Tentei ser bem minuciosa enquanto eu revisava Ashes, mas tinha algumas cenas que achei tão desagradáveis, que eu não quis relê-las. Acho que isso quer dizer que elas foram bem escritas? Não sei, tenho que ver o que outras pessoas pensam!

NB: Você ganhou certa notoriedade na internet graças às suas visual novels GL (girls love), mas agora você está trabalhando em All Idleness and Ephemera, um projeto BL (boys love). Pode nos contar mais sobre o jogo que está por vir? O que podemos esperar dele?

ebi: Ephemera é um spin-off de Ashes protagonizado por Yuel, o protagonista de Ashes, e Tavi, o primo mais velho de Yuel e o único personagem cômico em um universo sombrio e depressivo, em um processo de “conhecer melhor um ao outro”, diferentemente do que eles fizeram em Ashes. (risos)

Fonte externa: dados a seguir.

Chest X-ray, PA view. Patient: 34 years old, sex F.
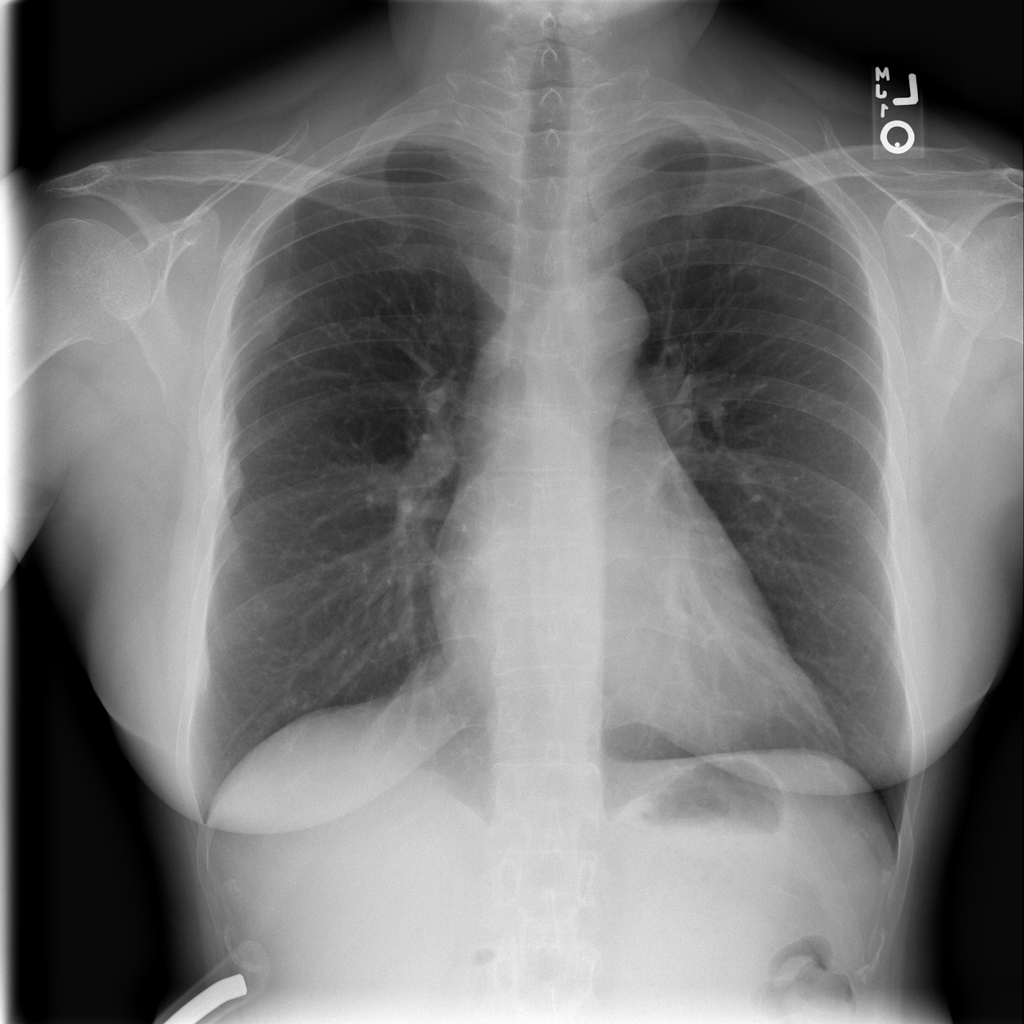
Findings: Mass

Eu escrevi Ephemera mais porque achei tão pesado escrever Ashes, como disse anteriormente, que quis explorar os mesmos personagens em um cenário um pouco mais alegre. A VN não tem tanto enredo na maior parte do tempo: é, em grande parte, uma história composta por cenas de sexo fofas e consensuais.

Acho que é bem doce (foi um bom enxaguante bucal depois de trabalhar em Ashes), porém pessoas que preferem alguma coisa mais estruturada ou séria podem não se importar [em conferir o jogo]. Além disso, os dois personagens envolvidos são primos de primeiro grau, o que pode afastar algumas pessoas — mas ambos são da realeza, então isso é bem normal, certo…? (risos nervosos) 

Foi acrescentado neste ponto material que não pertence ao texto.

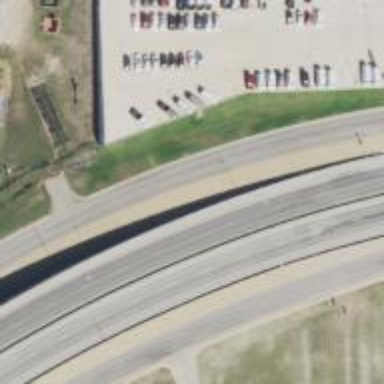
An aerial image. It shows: Trunk link road with asphalt surface.

NB: A maioria das suas visual novels têm um patch adulto disponível para download gratuitamente, e claro que as cenas 18+ são apenas um complemento para a história principal, mas, infelizmente, parece que a Nintendo não aprova nenhum tipo de erotismo em jogos para Switch — embora haja vários jogos focados em fanservice disponíveis na eShop. Qual é a sua opinião sobre o assunto?

ebi: Honestamente, não me preocupo tanto com isso. Tento escrever minhas cenas de sexo de um modo que elas complementem a história, seja dando mais informações sobre os personagens envolvidos ou mostrando como suas relações se desenvolveram, mas elas [as cenas de sexo] tendem a ser uma porção bem pequena do texto nas minhas histórias.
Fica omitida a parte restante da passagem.